Castelli era probable cabecilla de una logia continental, cuya rama chuquisaqueña, la Sociedad de independientes, contó con la activa participación del joven Monteagudo. Tiempo después, ambos se afiliaron, a la Logia Lautaro creada en Buenos Aires por San Martín, Alvear y Zapiola. En sus reuniones en los sótanos de la familia Thompson se tomaba juramento a los nuevos miembros comprometiéndolos a defender la patria americana, que era la misma -decía el ritual- del valiente Lautaro, símbolo de la resistencia nativa contra el opresor colonial. La logia debía ser -segun Mitre- «el brazo que impulsara y la cabeza que orientara el movimiento revolucionario. Su finalidad era mirar por el bien de América y de los Americanos». El indio Lautaro -secuestrado de niño por Valdivia, conquistador de Chile, y convertido en su paje y caballerizo- decide cambiar de bando en mitad de un combate y ponerse del lado de sus hermanos. Este personaje, al que exalta Ercilla en el poema «La Araucana», fue mencionado al patriota venezolano Francisco de Miranda por el joven chileno O’Higgins. San Martín –de quien se murmuraba que tenía sangre indígena- se identificaba con el gesto del caudillo aborigen de dejar al amo europeo para servir a la patria en peligro, como él había hecho al renunciar a una brillante carrera en las armas españolas y consagrarse –según sus palabras- “a la causa de América”.
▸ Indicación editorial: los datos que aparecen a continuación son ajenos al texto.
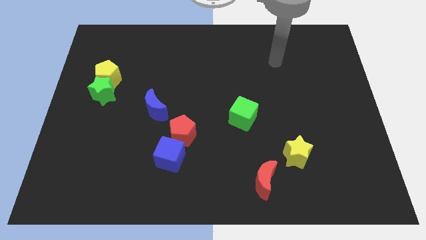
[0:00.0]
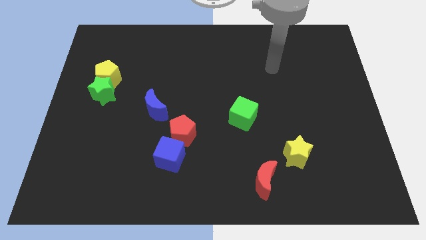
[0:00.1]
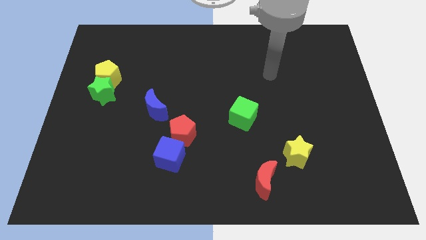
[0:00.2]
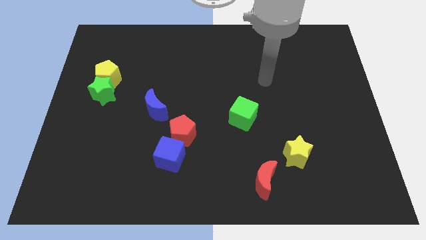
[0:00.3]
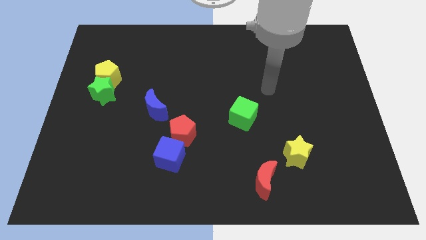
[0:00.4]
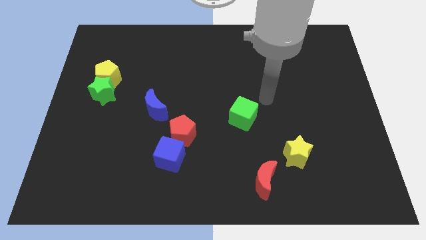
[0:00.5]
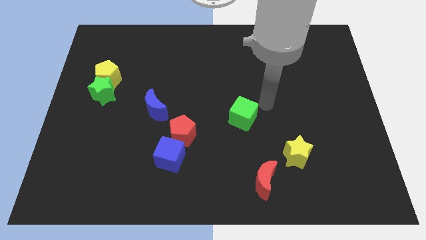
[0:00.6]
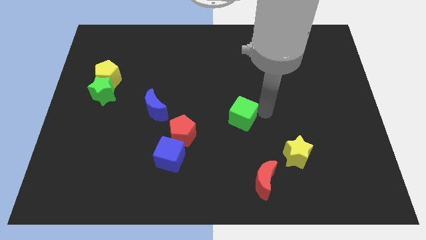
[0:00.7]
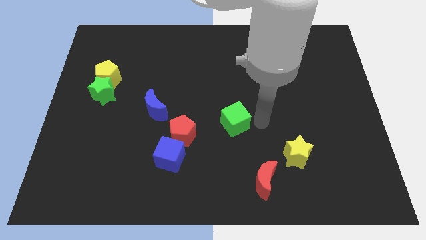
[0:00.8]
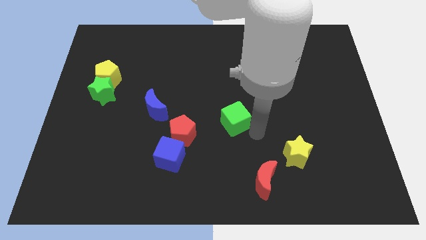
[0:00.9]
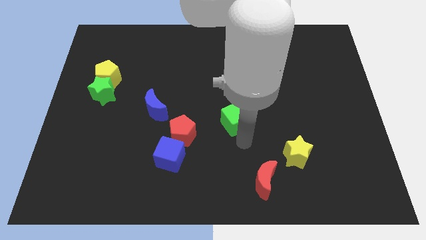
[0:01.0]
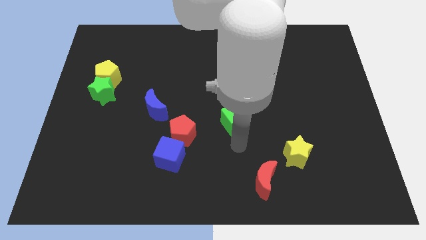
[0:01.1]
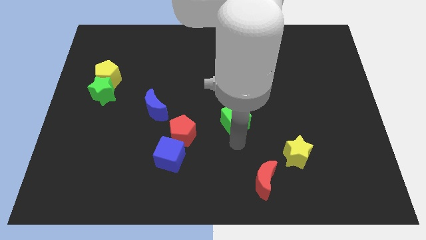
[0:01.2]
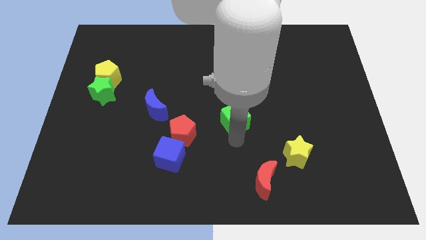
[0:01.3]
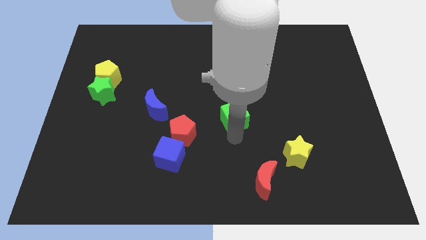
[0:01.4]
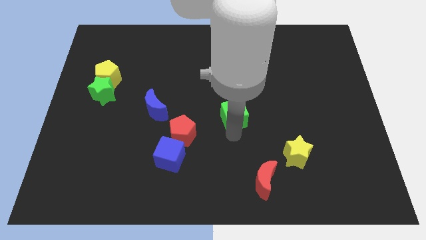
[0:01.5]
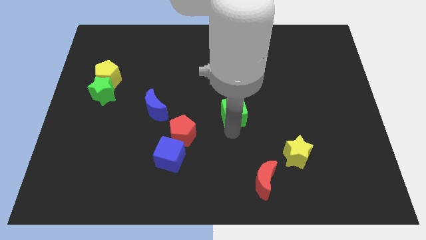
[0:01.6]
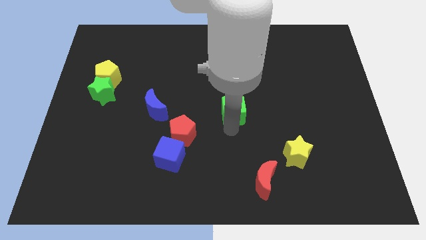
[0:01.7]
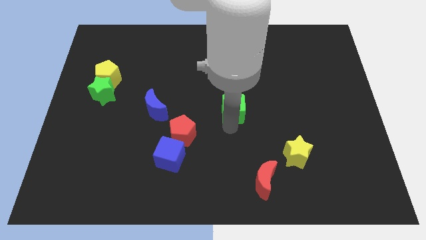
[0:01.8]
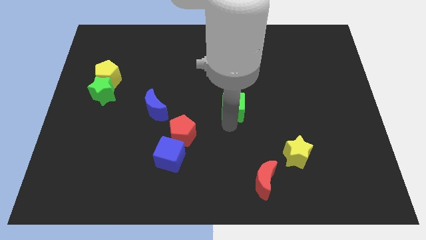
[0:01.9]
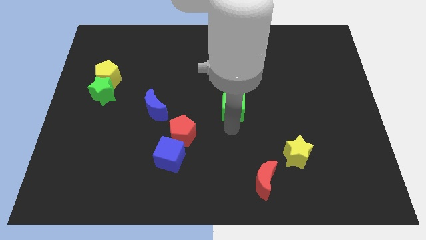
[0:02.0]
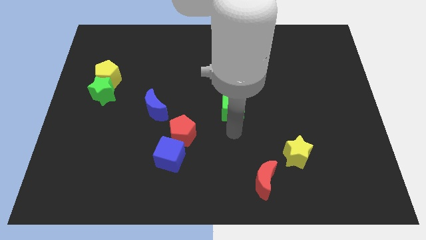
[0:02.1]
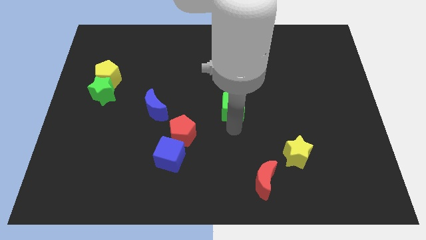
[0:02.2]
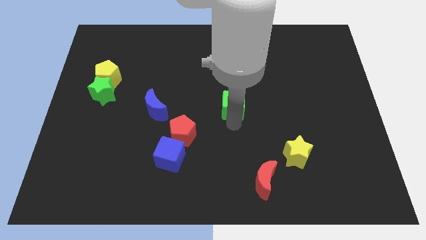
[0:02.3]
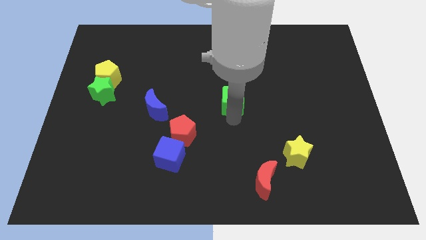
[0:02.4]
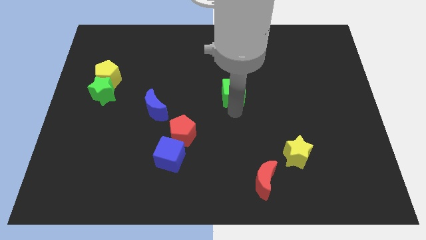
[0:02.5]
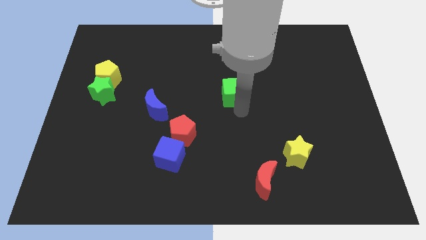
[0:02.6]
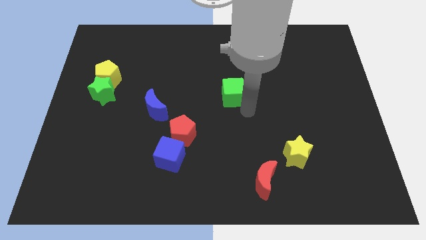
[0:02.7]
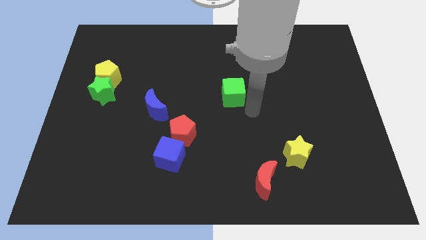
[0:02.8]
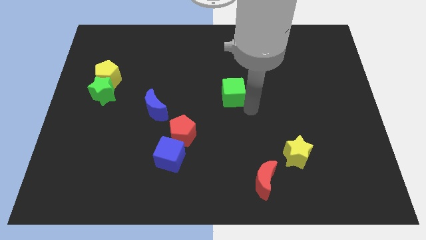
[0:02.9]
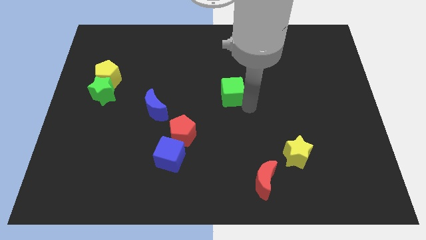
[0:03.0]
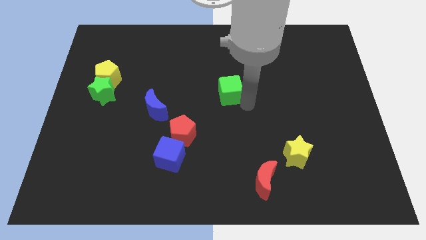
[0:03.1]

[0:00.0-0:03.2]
slide the green cube upwards and left a little

Una de las primeras acciones que adopta la Logia Lautaro es el derrocamiento del Primer Triunvirato, cuyo cerebro era Rivadavia. En esa oportunidad, San Martín y sus compañeros de armas dan un ejemplo cívico al declarar ante el Cabildo que “no siempre están las tropas –como regularmente se piensa- para (…) autorizar la tiranía” sino que saben “respetar los derechos sagrados de los pueblos”. Esta concepción del ejército al servicio de la liberación continental –y no de la opresión- es la misma que trasuntan sus famosas palabras a los soldados al desembarcar en el Perú: “Acordáos de que vuestro gran deber es consolar a la América, y que no venís a hacer conquista sino a libertar pueblos ”.
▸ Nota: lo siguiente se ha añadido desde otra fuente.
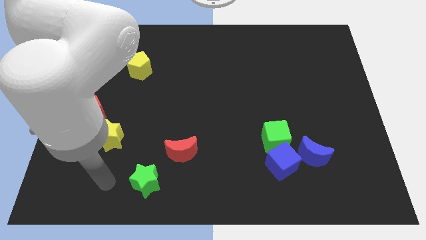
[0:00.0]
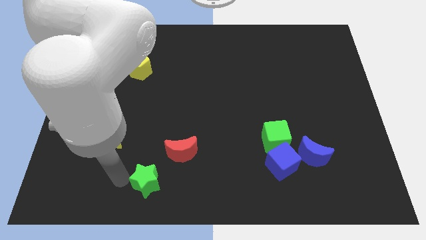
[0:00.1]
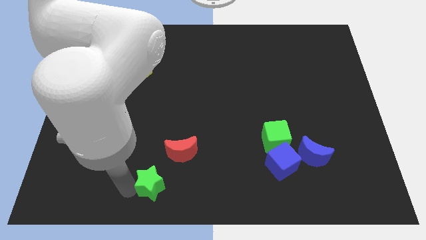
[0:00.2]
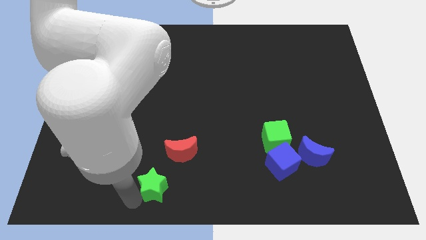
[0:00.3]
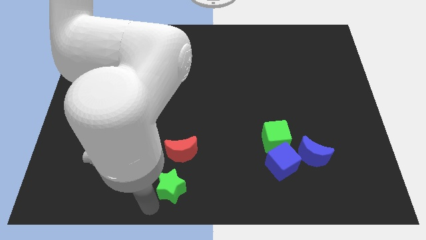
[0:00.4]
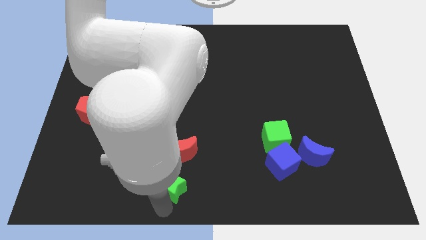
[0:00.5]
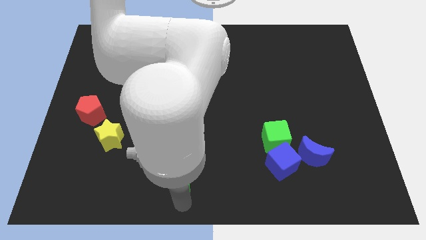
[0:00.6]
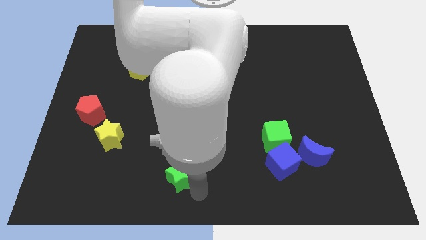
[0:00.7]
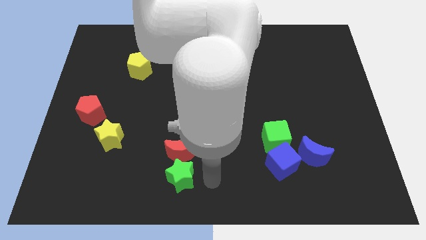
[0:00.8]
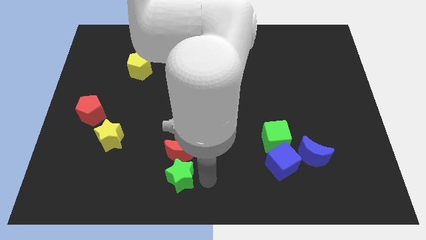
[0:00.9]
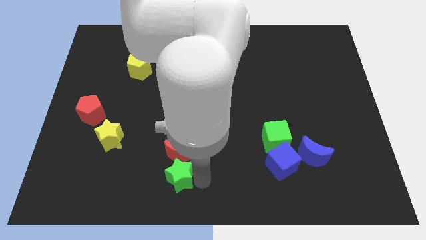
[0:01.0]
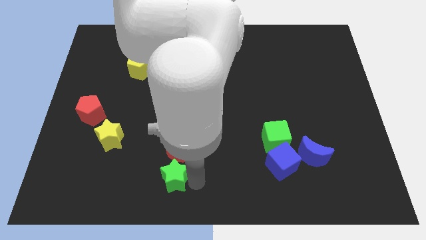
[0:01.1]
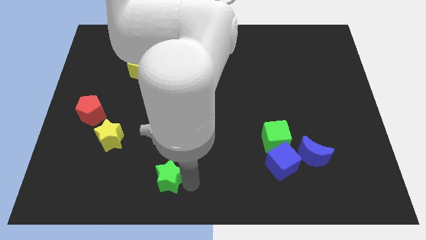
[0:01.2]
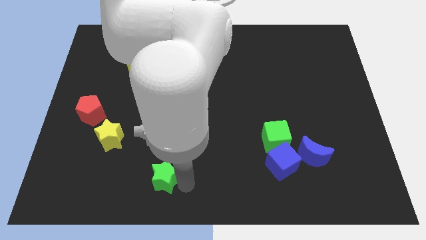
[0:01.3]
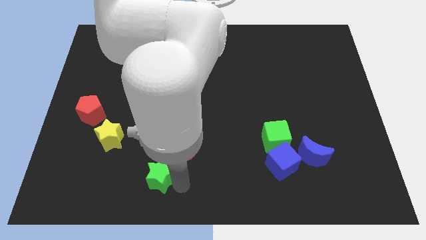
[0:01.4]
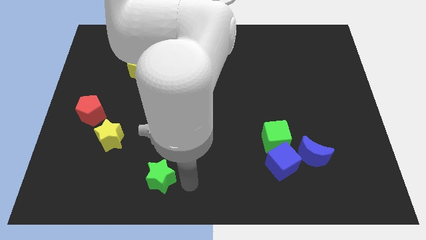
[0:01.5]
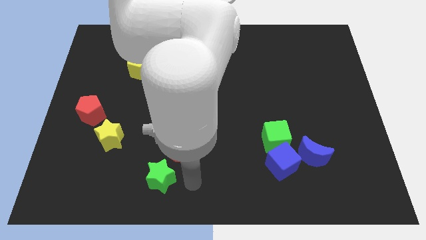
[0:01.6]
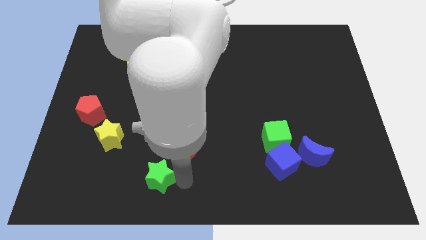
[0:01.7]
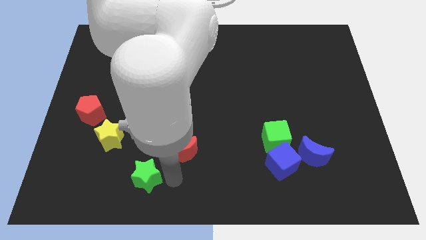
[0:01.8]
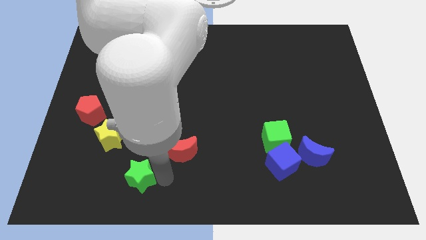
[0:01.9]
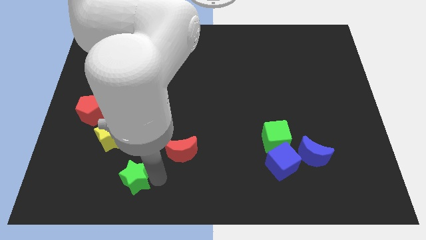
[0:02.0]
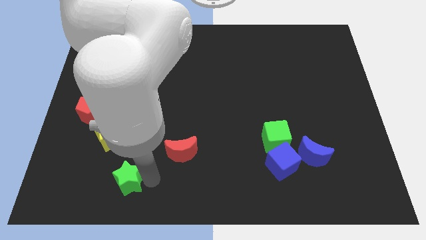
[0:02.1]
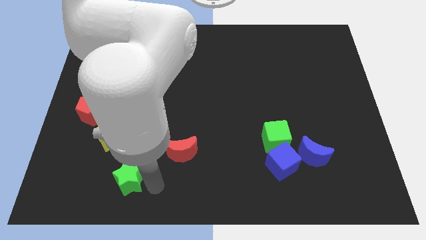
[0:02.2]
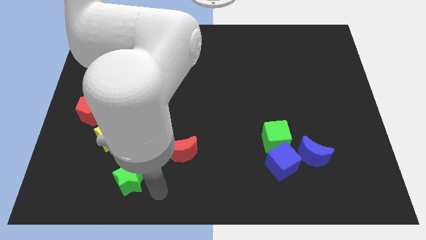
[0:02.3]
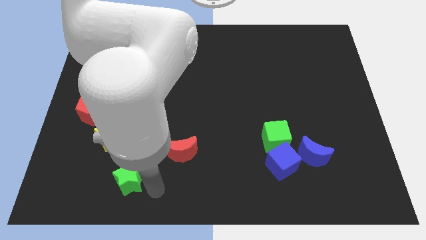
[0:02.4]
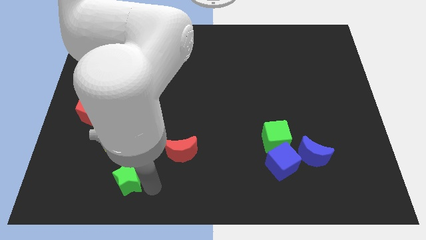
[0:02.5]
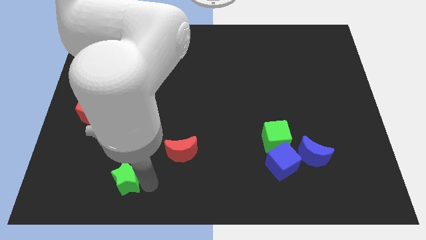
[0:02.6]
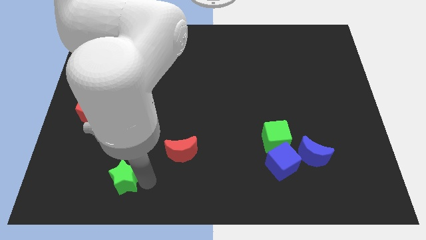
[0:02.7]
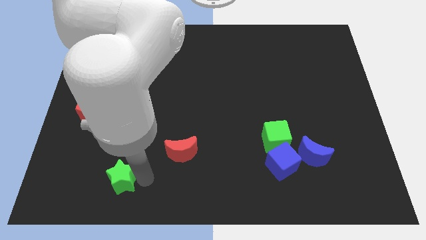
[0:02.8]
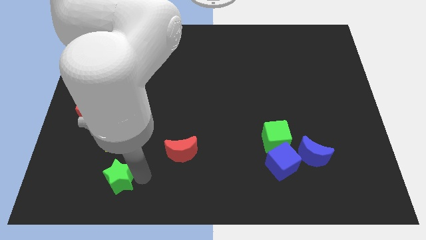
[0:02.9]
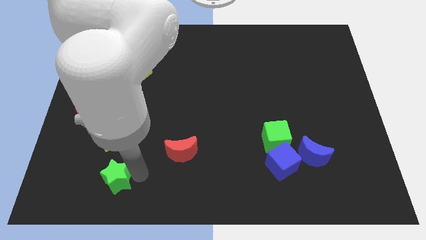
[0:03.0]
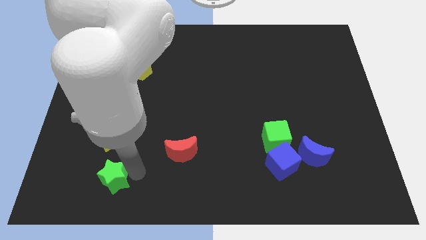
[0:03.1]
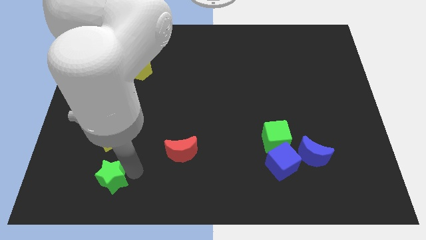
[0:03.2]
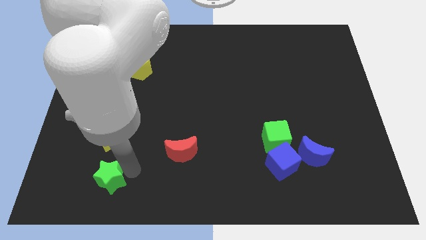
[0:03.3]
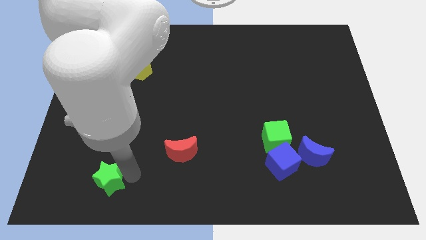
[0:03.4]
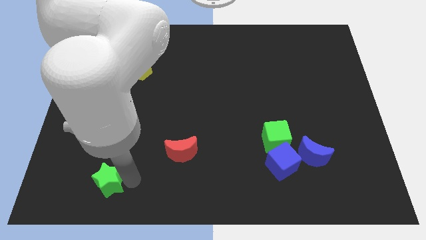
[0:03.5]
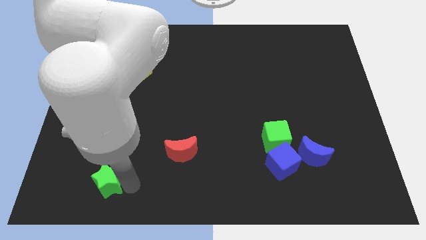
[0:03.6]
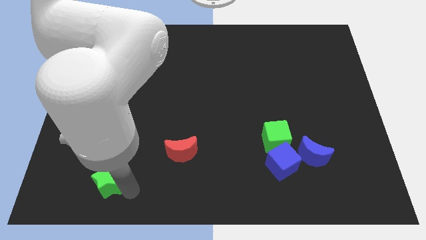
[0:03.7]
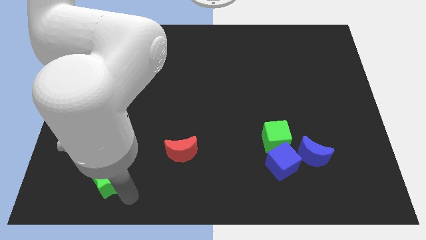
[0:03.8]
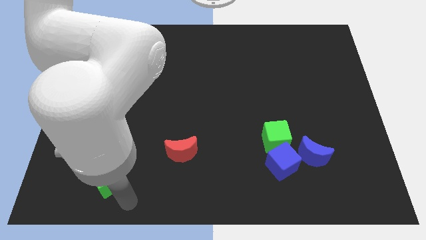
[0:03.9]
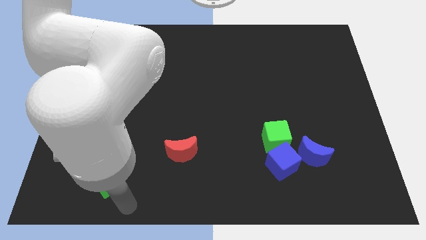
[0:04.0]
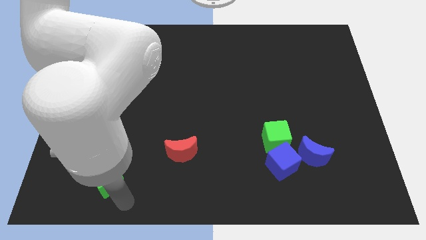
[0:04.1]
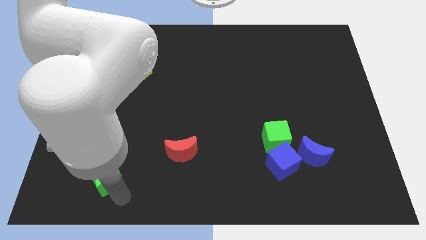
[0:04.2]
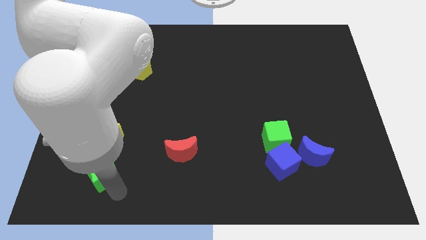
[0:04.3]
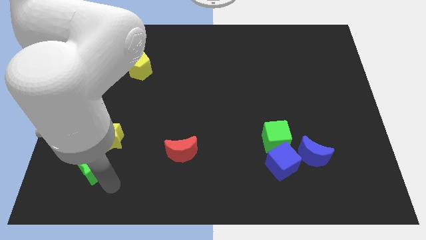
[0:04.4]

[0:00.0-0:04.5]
slide the green star a little upwards and left diagonally

La idea continentalista se manifiesta una vez más cuando la Asamblea del Año XIII, promovida por San Martín y la Logia Lautaro, recibe de la Sociedad Patriótica, presidida por Monteagudo, un proyecto constitucional para “los Estados Unidos de América del Sur”. En el Congreso del Tucumán, influido por Belgrano y San Martín, se declara la Independencia de las Provincias Unidas “en la América del Sur” nueva referencia continental. Allí aparece Belgrano abogando por la monarquía constitucional incaica, propuesta no desdeñada por San Martín pero satirizada en la racista Buenos Aires, que no quería al frente del Estado a «un indio de patas sucias». No era un capricho novedoso. Miranda, ya en 1798, anticipó la idea en una carta al masón norteamericano Hamilton, vinculada al propósito de emancipación continental: «la forma de gobierno proyectada (para América del Sur) –le dijo- es mixta; tendremos un jefe hereditario llamado Inca como Poder Ejecutivo«.

No es casual que San Martín y Belgrano coincidieran en tantas cosas. Ambos eran decididos partidarios de la declaración de Independencia. Ambos defendían a los indios frente al racismo expoliador de muchos criollos. Ambos apostaban a la emancipación continental y no creían en salvaciones locales. Ambos -se especula- habrían acordado ideas estratégicas junto al gran patriota Martín Miguel de Güemes para desarrollar su plan continental.

Sabido es, por lo demás, que San Martín y Bolívar fueron destacados integrantes del sistema de Logias –suerte de Internacional revolucionaria- cuyo precursor fue Miranda. Sus ramas principales estaban en Buenos Aires y Caracas: los dos brazos de la tenaza independentista desde donde se emprendió la liberación continental. Entre ambos impulsaron la idea de una Confederaciön sudamericana, a la que San Martín consideraba “base esencial de nuestra existencia”, proponiendo a Guayaquil como sede del Congreso hispanoamericano que luego se convocaría fallidamente en Panamá.